What is being asked -
Leaving pictures out, repeat word for word the line that has "Frame captured 6.8 s after image 1." and each line that follows it to the end of the listing.

Dataset content -
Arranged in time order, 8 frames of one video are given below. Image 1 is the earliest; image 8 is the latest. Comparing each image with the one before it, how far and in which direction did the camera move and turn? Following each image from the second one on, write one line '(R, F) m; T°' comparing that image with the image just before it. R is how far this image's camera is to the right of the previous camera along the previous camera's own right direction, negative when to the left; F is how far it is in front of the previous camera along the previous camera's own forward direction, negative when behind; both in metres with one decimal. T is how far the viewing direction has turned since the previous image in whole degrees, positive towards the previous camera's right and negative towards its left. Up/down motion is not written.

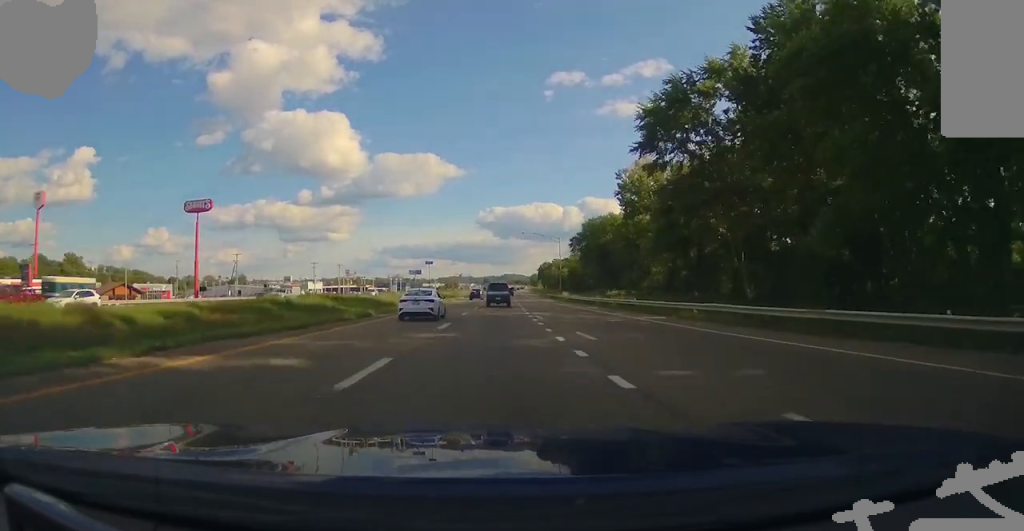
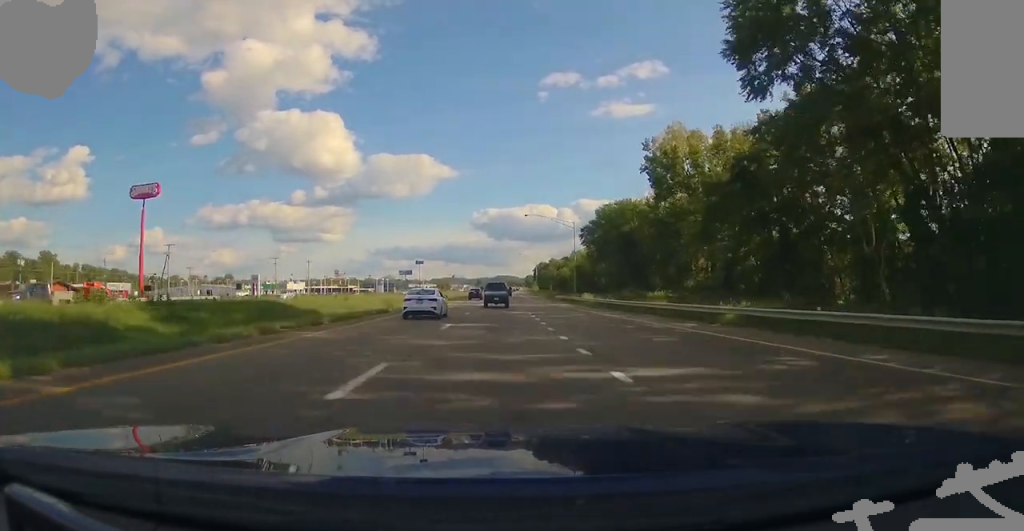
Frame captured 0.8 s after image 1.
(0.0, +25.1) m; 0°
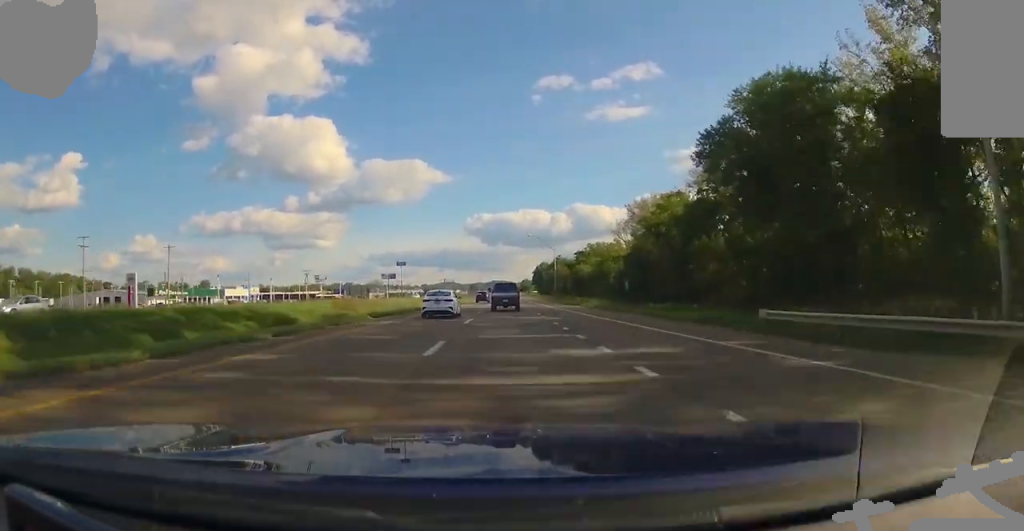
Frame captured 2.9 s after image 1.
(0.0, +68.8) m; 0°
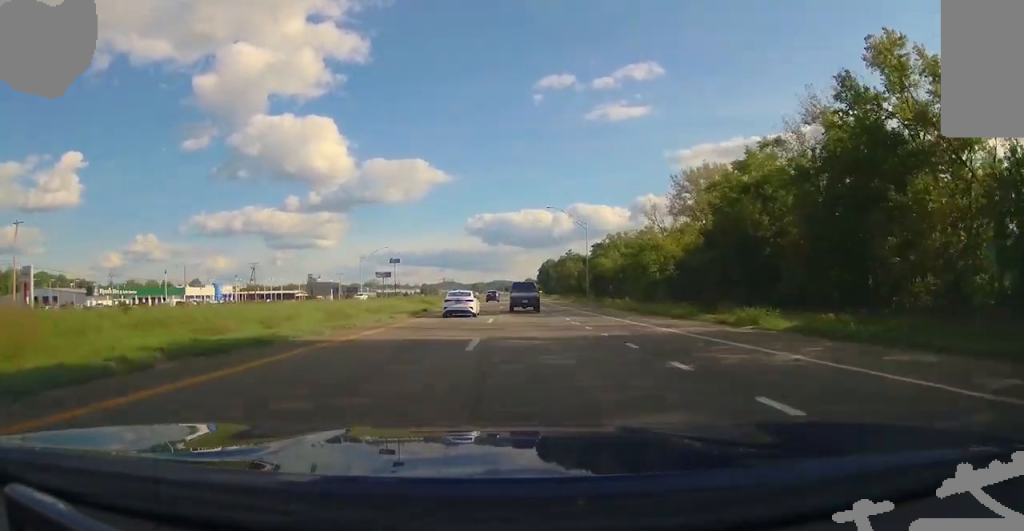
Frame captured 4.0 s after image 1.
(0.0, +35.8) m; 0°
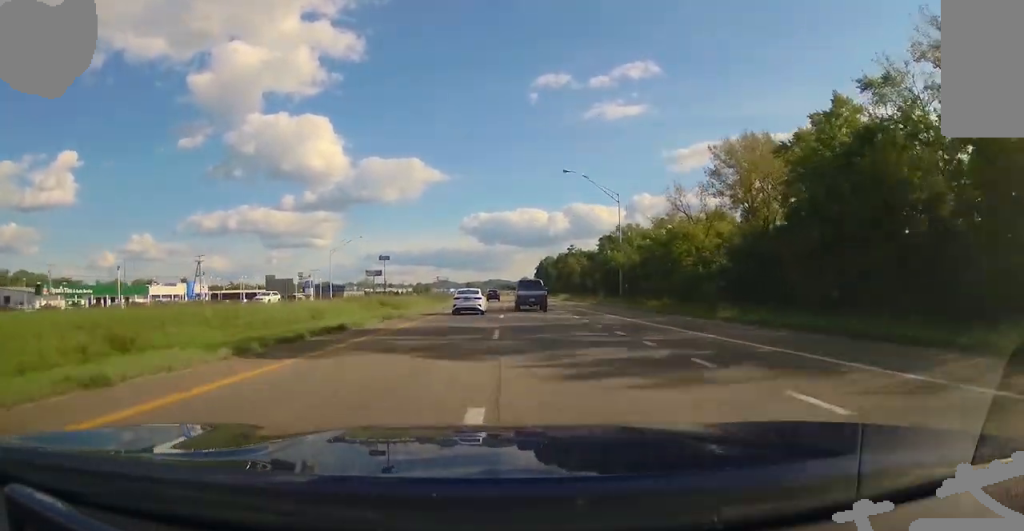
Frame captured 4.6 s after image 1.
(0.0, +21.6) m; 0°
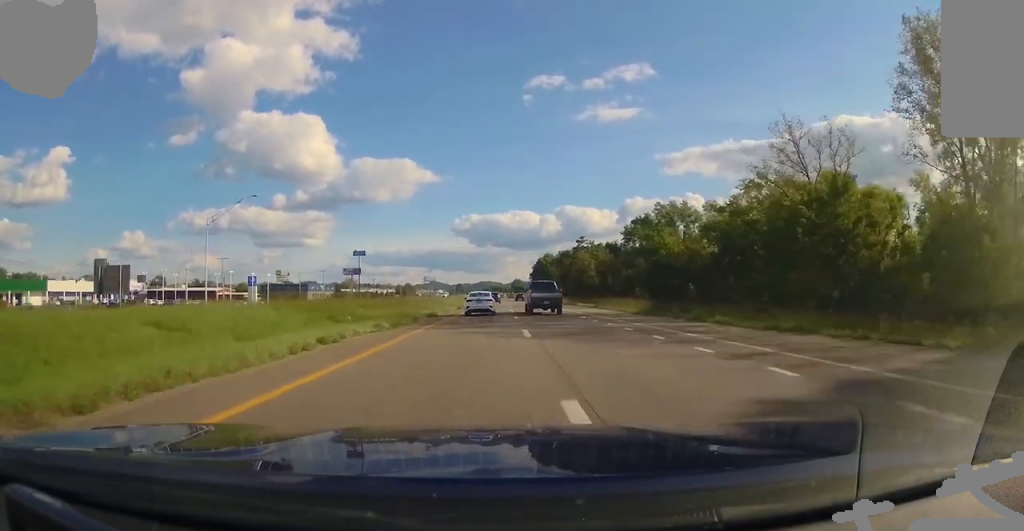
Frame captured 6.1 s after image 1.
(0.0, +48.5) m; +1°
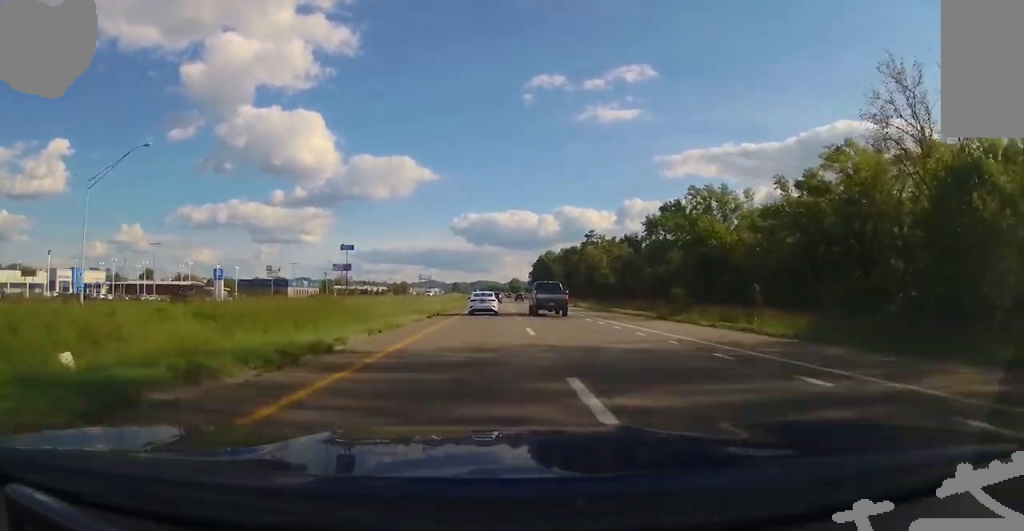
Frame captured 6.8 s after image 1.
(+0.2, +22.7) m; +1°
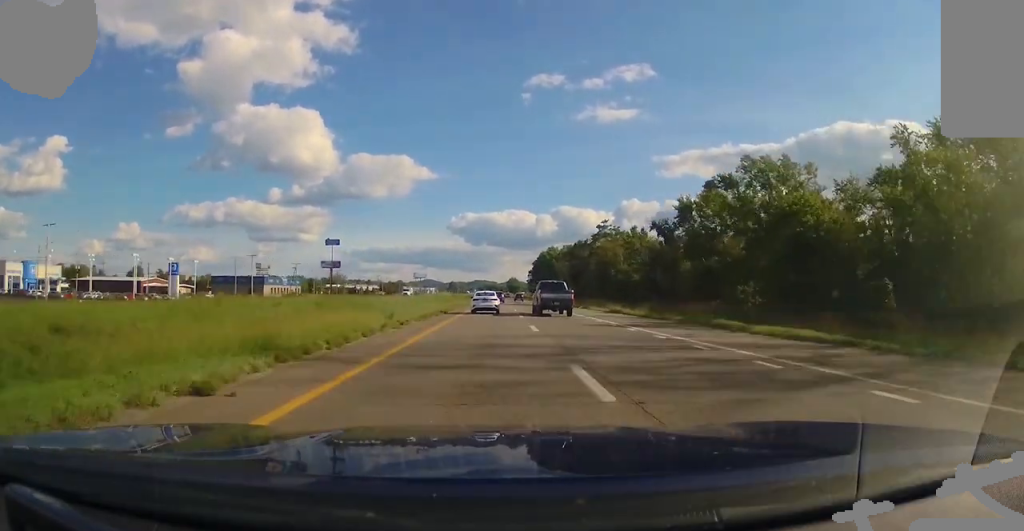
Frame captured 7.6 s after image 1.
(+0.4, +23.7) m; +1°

Problem solution -
Frame captured 6.8 s after image 1.
(+0.2, +22.7) m; +1°
Frame captured 7.6 s after image 1.
(+0.4, +23.7) m; +1°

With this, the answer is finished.